Signed-off-by: Pengxuan Zheng <[email protected]>
---
gcc/config/aarch64/aarch64-simd.md | 26 +++++++++++++++++++++
gcc/testsuite/gcc.target/aarch64/pr123748.c | 13 +++++++++++
2 files changed, 39 insertions(+)
create mode 100644 gcc/testsuite/gcc.target/aarch64/pr123748.c
diff --git a/gcc/config/aarch64/aarch64-simd.md
b/gcc/config/aarch64/aarch64-simd.md
index 2e142b1e1ee..21f13564280 100644
--- a/gcc/config/aarch64/aarch64-simd.md
+++ b/gcc/config/aarch64/aarch64-simd.md
@@ -3206,6 +3206,32 @@ (define_insn
"<FCVT_FIXED2F:fcvt_fixed_insn><VDQ_HSDI:mode>3"

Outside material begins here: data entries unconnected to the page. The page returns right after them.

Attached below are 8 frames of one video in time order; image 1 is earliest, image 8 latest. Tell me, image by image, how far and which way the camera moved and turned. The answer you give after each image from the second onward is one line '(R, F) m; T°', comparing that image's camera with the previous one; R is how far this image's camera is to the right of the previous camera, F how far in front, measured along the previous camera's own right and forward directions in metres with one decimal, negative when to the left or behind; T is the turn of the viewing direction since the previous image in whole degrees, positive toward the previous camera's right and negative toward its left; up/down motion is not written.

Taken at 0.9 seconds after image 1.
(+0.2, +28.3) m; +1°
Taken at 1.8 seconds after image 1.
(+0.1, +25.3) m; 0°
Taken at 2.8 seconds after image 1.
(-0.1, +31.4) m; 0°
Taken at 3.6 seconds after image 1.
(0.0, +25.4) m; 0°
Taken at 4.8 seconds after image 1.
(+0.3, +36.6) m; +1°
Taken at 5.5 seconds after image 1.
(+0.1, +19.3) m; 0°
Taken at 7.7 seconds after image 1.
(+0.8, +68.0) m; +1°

[(set_attr "type" "neon_int_to_fp_<VDQ_HSDI:stype><q>")]
)
+(define_expand "vec_packs_float_v2di"
+ [(set (match_operand:V4SF 0 "register_operand" "=w")
+ (vec_concat:V4SF
+ (float:V2SF (match_operand:V2DI 1 "register_operand" "w"))
+ (float:V2SF (match_operand:V2DI 2 "register_operand" "w"))))]

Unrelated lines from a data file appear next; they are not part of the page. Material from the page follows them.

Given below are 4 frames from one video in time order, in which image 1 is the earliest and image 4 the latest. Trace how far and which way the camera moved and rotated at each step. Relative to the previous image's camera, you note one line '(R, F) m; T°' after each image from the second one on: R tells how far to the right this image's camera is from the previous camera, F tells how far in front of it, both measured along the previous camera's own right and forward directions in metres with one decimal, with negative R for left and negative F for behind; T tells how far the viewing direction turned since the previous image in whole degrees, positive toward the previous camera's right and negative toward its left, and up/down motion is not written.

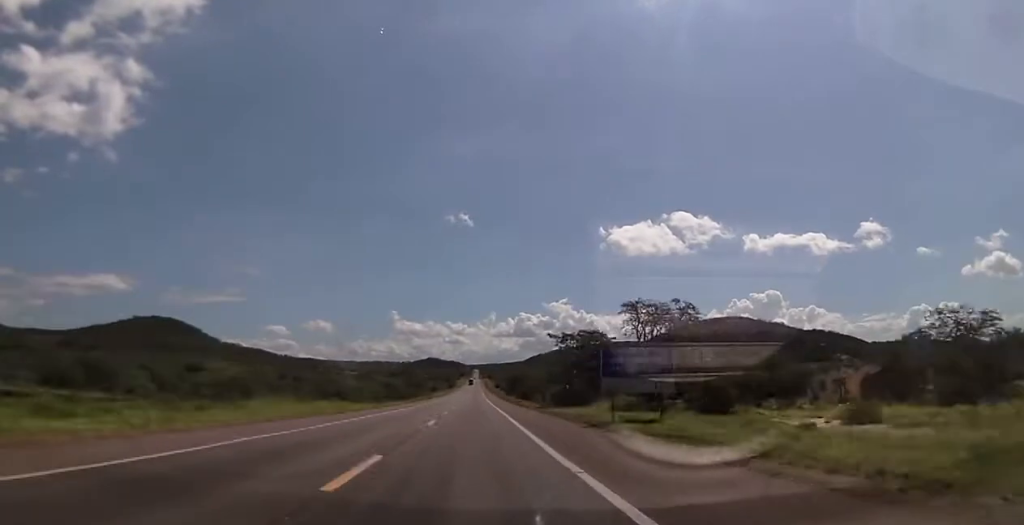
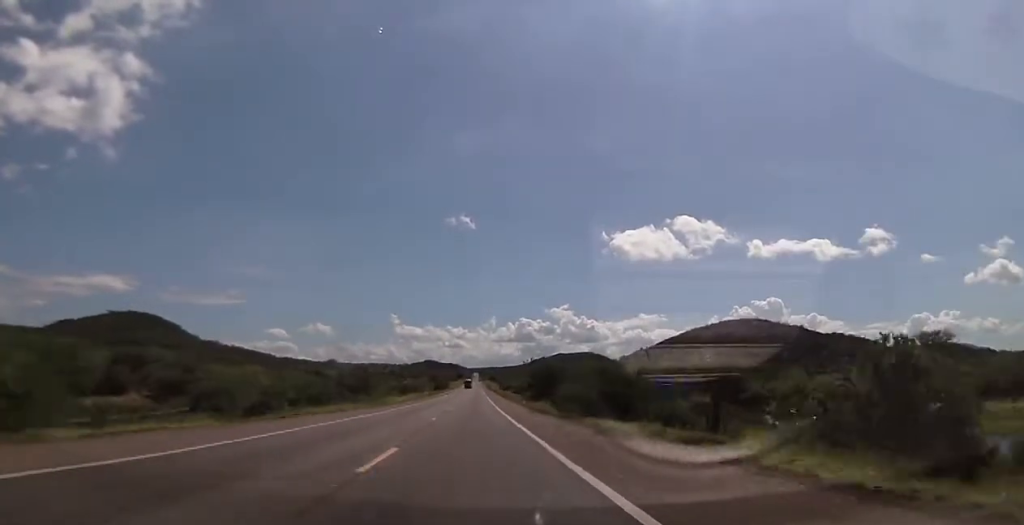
(0.0, +67.1) m; 0°
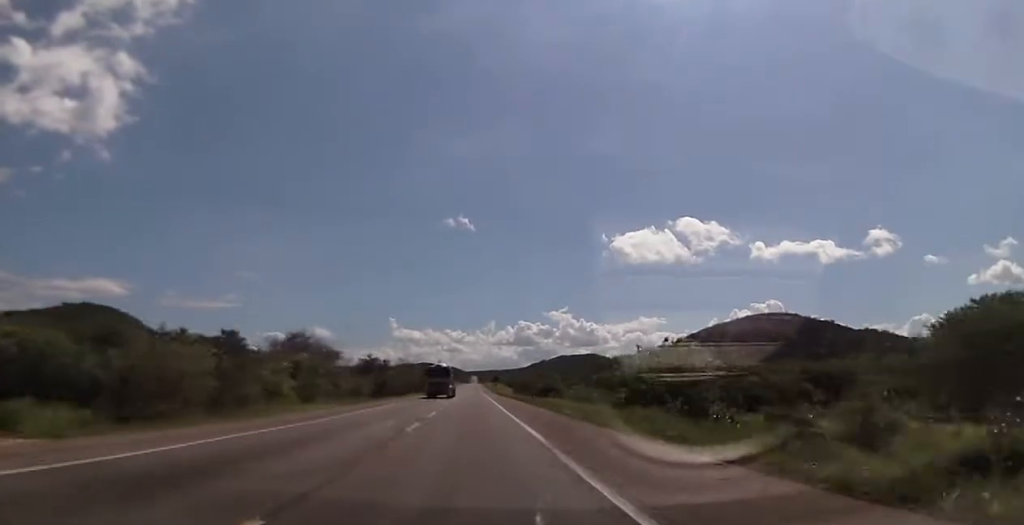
(-0.7, +110.5) m; -1°
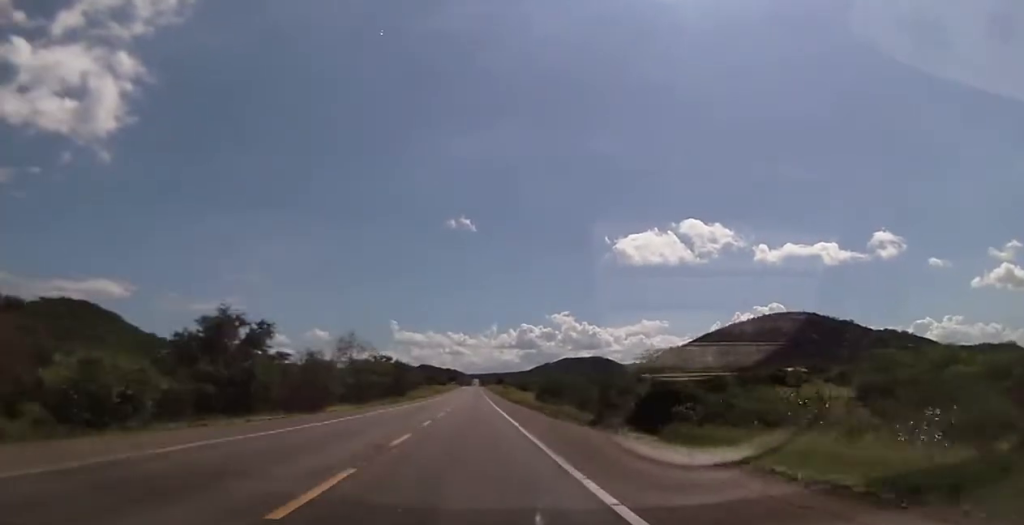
(-0.1, +58.5) m; 0°

+ "TARGET_SIMD && flag_unsafe_math_optimizations"
+ {
+ rtx tmp = gen_reg_rtx (V2DFmode);
+ rtx tmp1 = gen_reg_rtx (V2DFmode);
+ rtx tmp2 = gen_reg_rtx (V2SFmode);
+ rtx tmp3 = gen_reg_rtx (V2SFmode);
+ emit_insn (gen_floatv2div2df2 (tmp, operands[1]));
+ emit_insn (gen_floatv2div2df2 (tmp1, operands[2]));
+ emit_insn (gen_truncv2dfv2sf2 (tmp2, tmp));
+ emit_insn (gen_truncv2dfv2sf2 (tmp3, tmp1));
+ if (BYTES_BIG_ENDIAN)
+ std::swap (tmp2, tmp3);
+
+ rtx tmp4 = gen_reg_rtx (V2DImode);
+ emit_insn (gen_aarch64_zip1v2di_low (tmp4, gen_lowpart (DImode, tmp2),
+ gen_lowpart (DImode, tmp3)));
+ emit_move_insn (operands[0], gen_lowpart (V4SFmode, tmp4));
+ DONE;
+ }
+)
+
;; ??? Note that the vectorizer usage of the vec_unpacks_[lo/hi] patterns
;; is inconsistent with vector ordering elsewhere in the compiler, in that
;; the meaning of HI and LO changes depending on the target endianness.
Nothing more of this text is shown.